Dealing with anger today. I self-motivated to do an online class. First exercise in weeks. Helped somewhat. I miss my regular yoga instructor at the local YMCA. My feet hurt. Arthritis is painful. I cannot walk very far. I miss swimming so much. The freedom to float free of pain. The ocean baths are now open but the water is too cold for my bones. The sport I watch had the season cut short. Nobody minds when I yell my frustrations during a game. I miss it. I clean something in my place. It is more productive than thinking about what I need. Sometimes I wish I could work from home during this time. My work days are longer, doing more with less people, and claiming overtime is discouraged.
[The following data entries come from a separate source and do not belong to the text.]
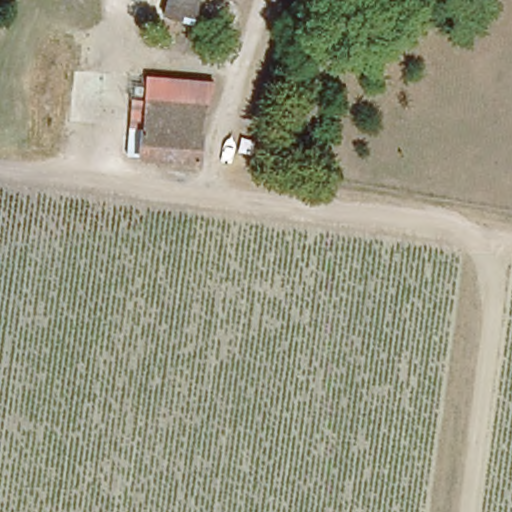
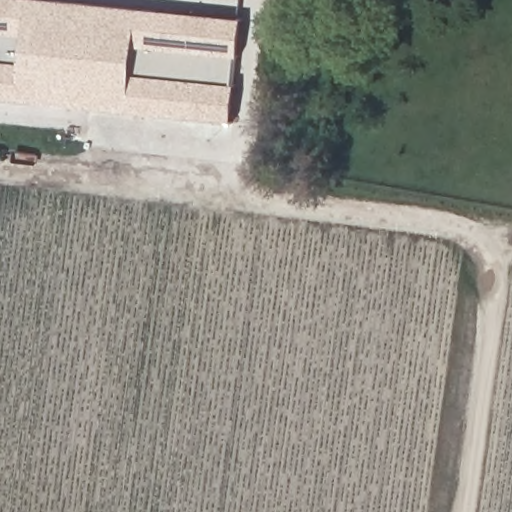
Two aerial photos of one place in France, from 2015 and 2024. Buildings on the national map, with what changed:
new [(233,122),(0,100),(0,0),(42,0),(243,21),(233,122)]
demolished [(200,163),(138,158),(138,156),(127,155),(130,127),(140,127),(146,77),(214,82),(200,163)]

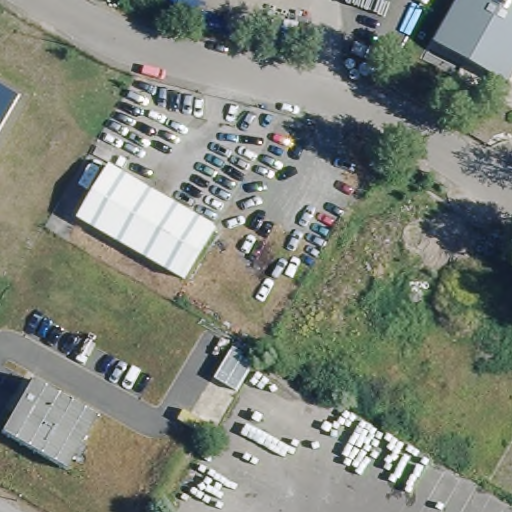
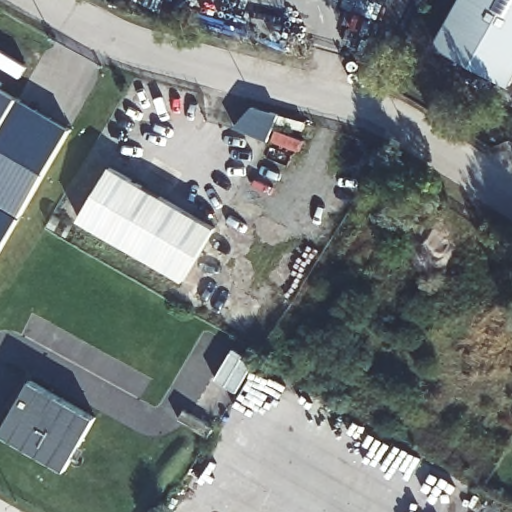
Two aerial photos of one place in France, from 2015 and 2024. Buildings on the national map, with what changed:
unchanged [(460,0),(512,0),(512,80),(509,86),(437,42),(460,0)]
unchanged [(17,99),(0,127),(0,88),(17,99)]
new [(71,127),(0,252),(0,127),(17,99),(71,127)]
unchanged [(184,282),(81,220),(113,167),(216,230),(184,282)]
unchanged [(2,432),(31,379),(97,417),(67,471),(2,432)]

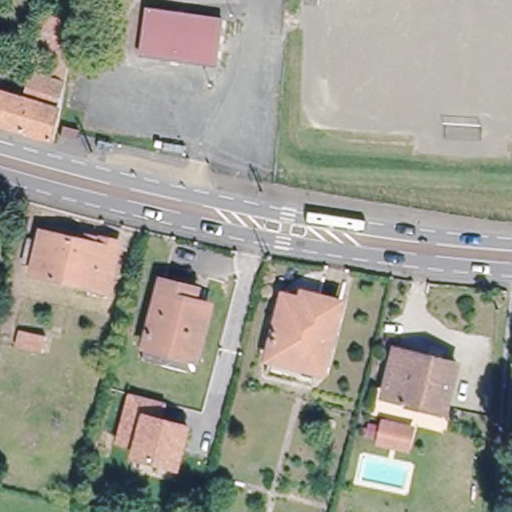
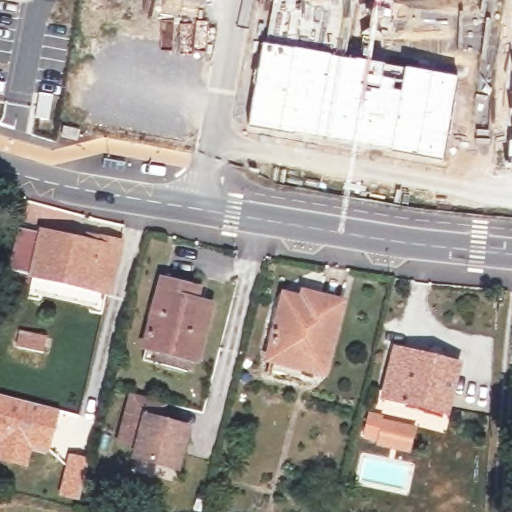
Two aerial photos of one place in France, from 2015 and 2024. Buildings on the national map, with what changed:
new [(444,162),(248,127),(263,45),(266,46),(275,0),(271,0),(357,0),(347,61),(457,79),(444,162)]
demolished [(205,65),(139,55),(147,9),(221,21),(213,66),(205,65)]
demolished [(63,85),(53,141),(0,126),(0,95),(25,102),(34,76),(63,85)]
new [(506,167),(507,142),(512,144),(512,168),(506,167)]
unchanged [(82,242),(84,237),(114,244),(106,273),(95,270),(90,293),(25,278),(37,231),(82,242)]
unchanged [(163,287),(184,292),(198,295),(194,308),(210,312),(198,364),(148,352),(163,287)]
unchanged [(284,301),(304,306),(305,299),(316,302),(338,307),(322,372),(270,360),(284,301)]
new [(14,346),(18,329),(46,336),(43,353),(14,346)]
unchanged [(384,397),(396,348),(457,363),(445,412),(384,397)]
unchanged [(154,397),(160,399),(156,417),(185,424),(177,458),(155,453),(153,460),(131,455),(134,444),(115,439),(128,390),(154,397)]
new [(48,454),(32,450),(27,467),(0,459),(0,394),(60,409),(48,454)]
new [(417,426),(411,452),(367,441),(367,438),(363,437),(369,416),(417,426)]
new [(69,452),(90,458),(80,501),(58,496),(69,452)]

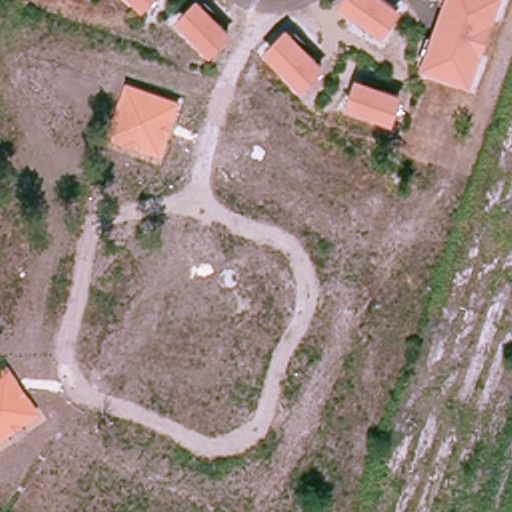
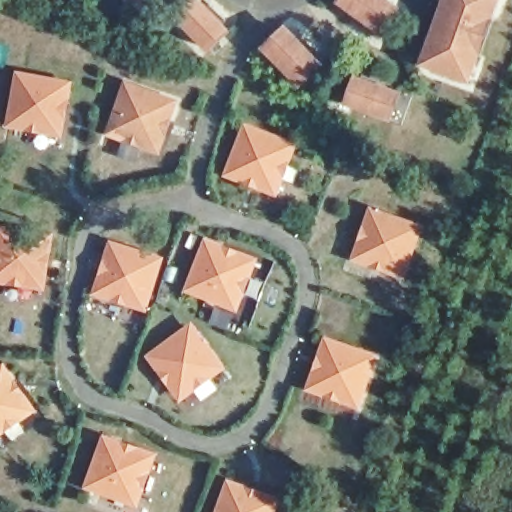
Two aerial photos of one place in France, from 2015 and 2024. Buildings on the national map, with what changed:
unchanged [(133,0),(145,0),(139,6),(133,0)]
unchanged [(347,0),(376,0),(393,12),(376,35),(340,9),(347,0)]
unchanged [(425,65),(434,38),(446,5),(447,0),(495,0),(488,20),(477,54),(467,80),(425,65)]
unchanged [(204,4),(232,32),(211,52),(184,24),(204,4)]
unchanged [(319,66),(299,85),(268,54),(289,34),(319,66)]
new [(7,128),(17,72),(71,81),(60,137),(7,128)]
unchanged [(402,90),(389,127),(351,114),(365,76),(402,90)]
unchanged [(163,156),(108,140),(124,83),(179,102),(163,156)]
new [(226,176),(245,122),(298,142),(278,197),(226,176)]
new [(367,245),(374,227),(377,228),(381,214),(428,230),(412,277),(365,261),(370,247),(367,245)]
new [(0,283),(0,226),(54,235),(46,290),(0,283)]
new [(186,291),(207,239),(258,258),(238,312),(186,291)]
new [(94,295),(110,242),(165,257),(148,312),(94,295)]
new [(148,357),(192,323),(227,369),(182,402),(148,357)]
new [(326,337),(379,355),(358,408),(307,390),(326,337)]
unchanged [(36,413),(0,439),(0,368),(6,363),(36,413)]
new [(85,487),(104,435),(156,454),(139,507),(85,487)]
new [(283,498),(278,512),(215,512),(228,478),(283,498)]

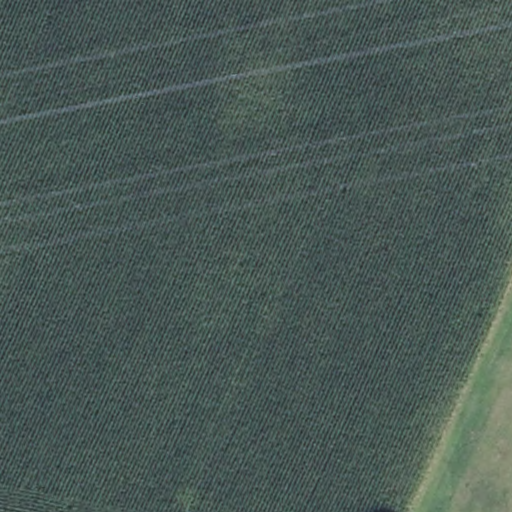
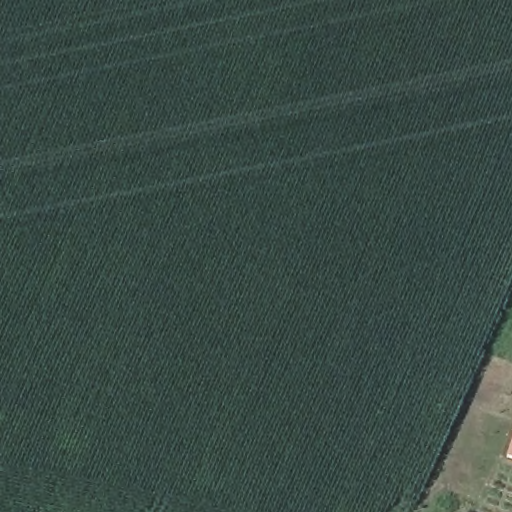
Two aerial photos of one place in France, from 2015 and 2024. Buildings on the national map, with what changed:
new [(504,460),(512,438),(512,462),(504,460)]

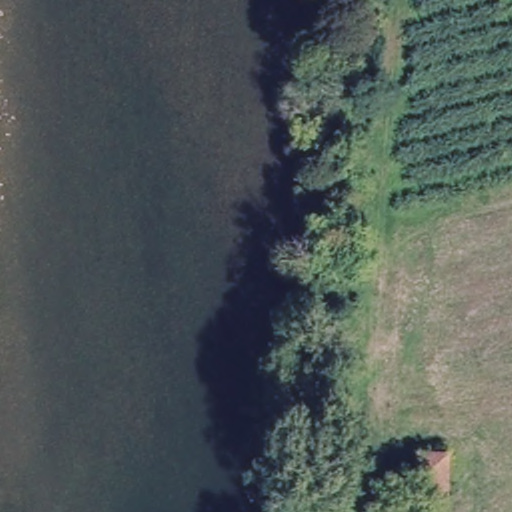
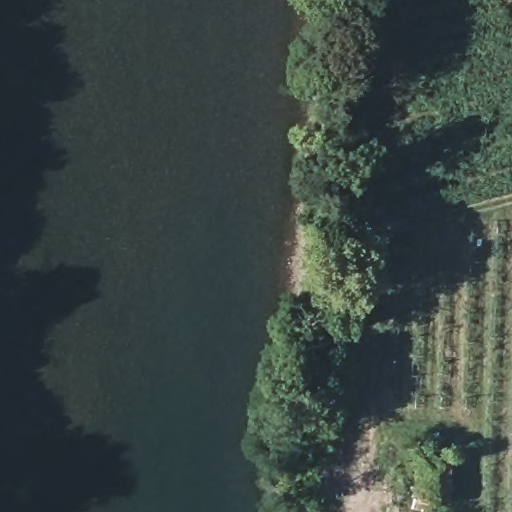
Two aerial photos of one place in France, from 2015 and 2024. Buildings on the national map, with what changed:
unchanged [(448,502),(414,500),(417,463),(451,463),(448,502)]

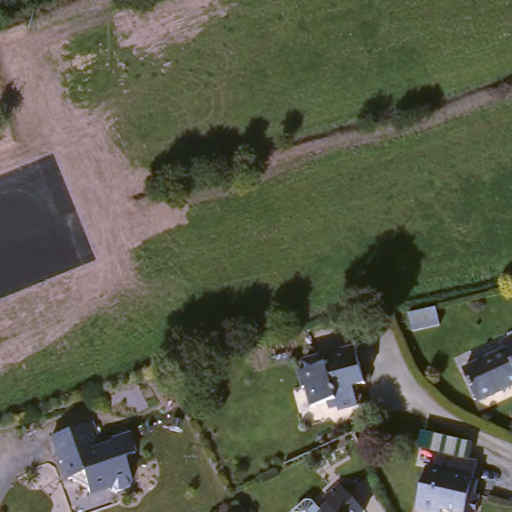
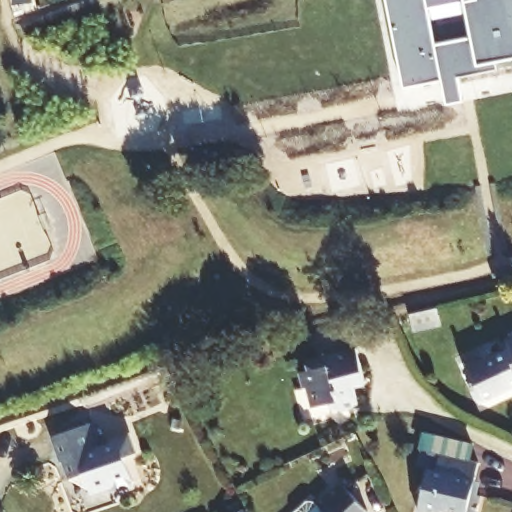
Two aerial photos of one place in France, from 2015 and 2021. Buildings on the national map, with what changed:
new [(12,4),(11,0),(30,0),(30,2),(12,4)]
new [(497,70),(458,77),(461,100),(446,104),(442,81),(403,88),(386,0),(512,0),(512,58),(495,61),(497,70)]
unchanged [(507,339),(512,337),(512,390),(481,401),(466,366),(511,345),(507,339)]
unchanged [(356,351),(368,390),(352,395),(357,414),(340,419),(339,416),(328,417),(327,411),(309,416),(300,376),(311,375),(308,365),(356,351)]
unchanged [(91,423),(99,448),(113,443),(112,439),(129,434),(135,455),(123,460),(130,488),(114,493),(112,486),(87,492),(82,475),(65,480),(52,435),(91,423)]
unchanged [(477,463),(475,494),(482,494),(480,512),(423,512),(429,476),(439,475),(443,459),(477,463)]
unchanged [(342,484),(366,511),(365,512),(335,512),(325,500),(342,484)]
unchanged [(312,507),(318,508),(322,512),(308,512),(312,507)]

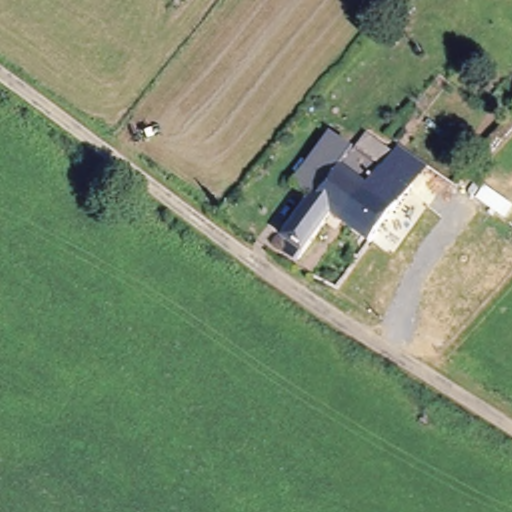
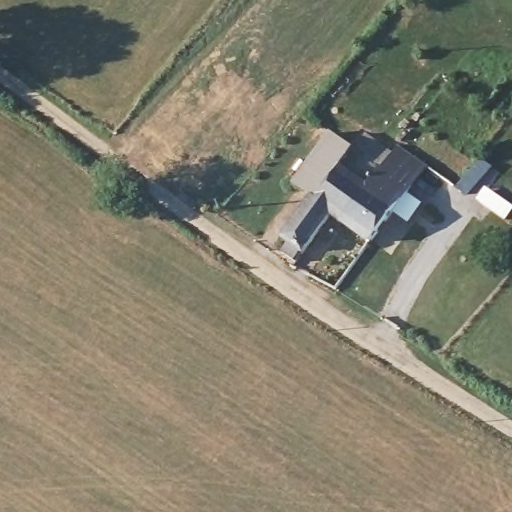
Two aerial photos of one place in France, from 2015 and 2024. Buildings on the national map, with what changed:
unchanged [(333,213),(296,257),(283,247),(290,239),(283,232),(311,197),(287,180),(326,125),(353,144),(365,126),(394,146),(381,164),(407,183),(367,241),(343,222),(333,213)]

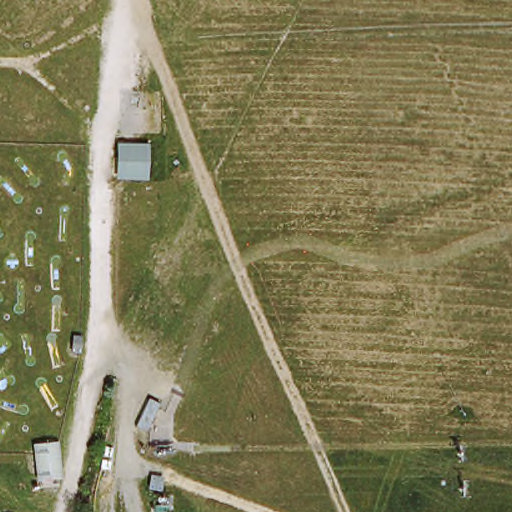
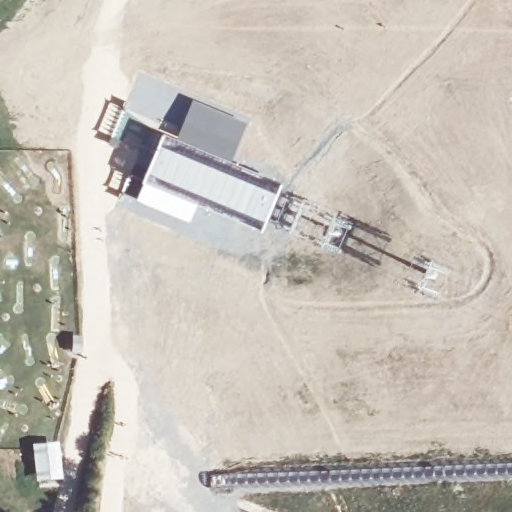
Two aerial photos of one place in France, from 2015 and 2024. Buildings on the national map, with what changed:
new [(139,72),(178,91),(158,127),(121,108),(139,72)]
new [(193,100),(248,122),(231,161),(174,137),(193,100)]
new [(174,137),(231,161),(280,185),(274,205),(263,230),(141,183),(161,133),(174,137)]
demolished [(143,143),(143,174),(124,172),(125,142),(143,143)]
new [(117,144),(149,145),(148,180),(116,179),(117,144)]
unchanged [(148,405),(147,390),(166,388),(162,435),(136,437),(136,411),(148,405)]
unchanged [(61,442),(65,482),(38,485),(34,446),(61,442)]

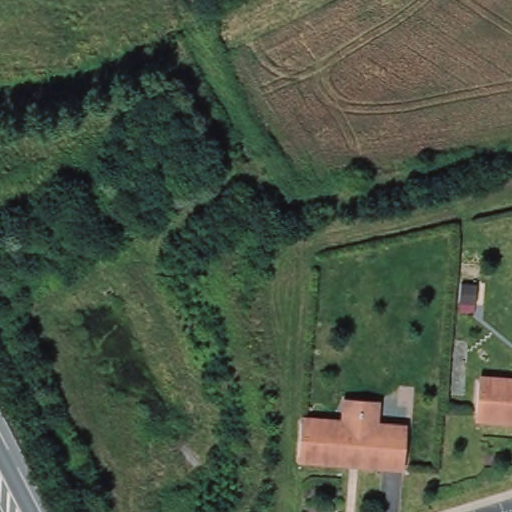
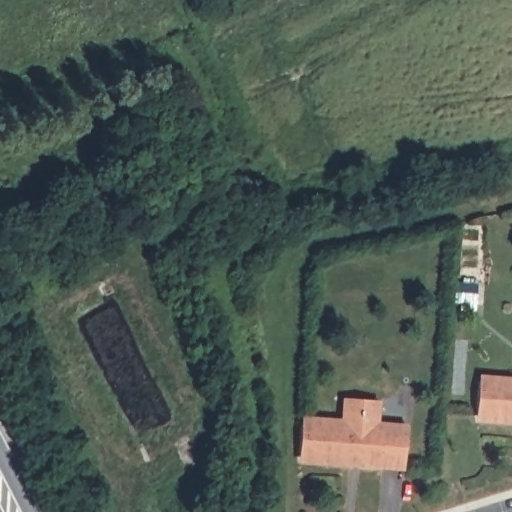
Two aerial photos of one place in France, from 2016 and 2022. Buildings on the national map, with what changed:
unchanged [(485,375),(512,377),(512,425),(480,422),(485,375)]
unchanged [(300,467),(303,423),(340,426),(343,396),(374,398),(372,428),(401,431),(397,474),(357,471),(339,470),(300,467)]

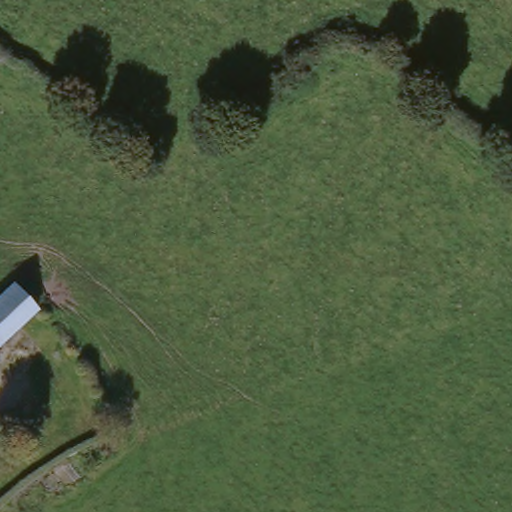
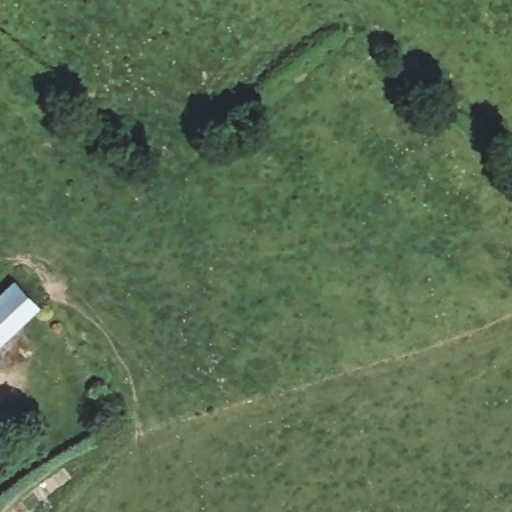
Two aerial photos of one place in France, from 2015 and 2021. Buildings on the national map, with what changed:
unchanged [(0,332),(0,277),(27,300),(0,332)]

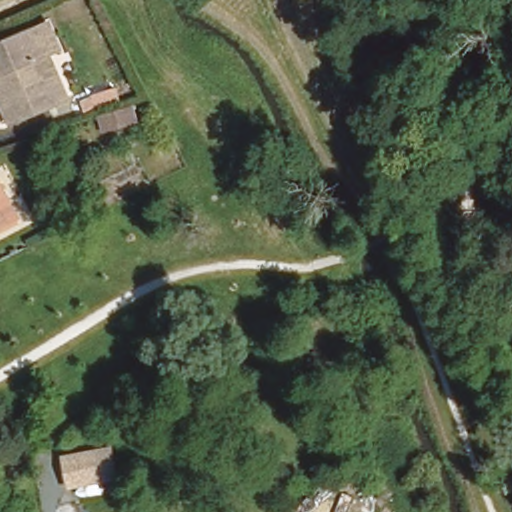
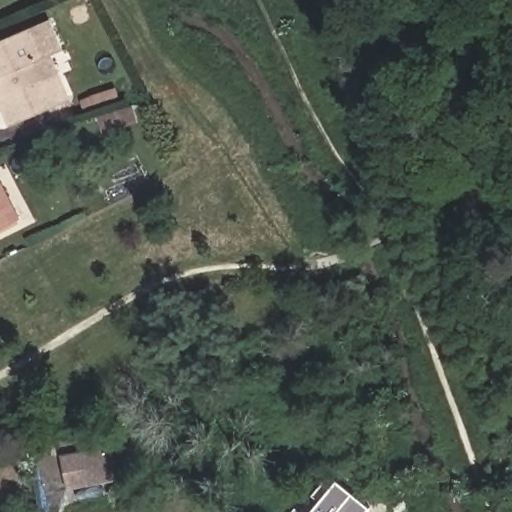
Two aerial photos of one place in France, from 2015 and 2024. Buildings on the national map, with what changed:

I come home to my safe space, clean and scrub myself and hope I have not caught or spread The Virus. I check my temperature. All good. My job also involves keeping morale up for others. I am glad I do not have to do this today. I have kept myself away from family for 7 weeks. They struggle more than me. I am happy being home alone. I am never bored. Now I am grateful I have a day I can fill however I want. I am doing well.
Name
Robert Buttiglieri
Age
19
Location

Sydney NSW
Australia

Just 60 days since my life changed. As I walked away from the university campus in late March, I slowly realised it would be quite a long time before I returned. I thought it was going to be easy. Hearing from what had occurred overseas, both from traditional and social media platforms, I drew the conclusion that this virus could not be shrugged off. The first time I knew about this virus was in early January, at a family gathering my young cousin told me that there was a new ‘plague’ that had began to spread in China, however, i too shrugged at it, reassuring him that we had access to modern medicine. I took no notice. Since the beginning of isolation, I’ve carried on with my studies, days blending with each other, the week becoming more mundane than previous one, with the exception of walking to keep a healthy mind. Talking to friends over the phone has become the main method of communication, whilst I still prefer face-to-face interaction, you get used to the buffering and slow internet speeds. Overall, I count myself lucky that I have not contracted this virus to date, though I am concerned about the wellbeing of relatives whom live in the outskirts of Milan. I believe this period is truly historical, as like the end of the Great War, the outcome may lead to a very different world. Combining the features of the Spanish Flu, the Great Depression and the Cold War into a few months, would seem to make our old normality much harder, and longer, to obtain again. If this may unfortunately occur again, do learn from us.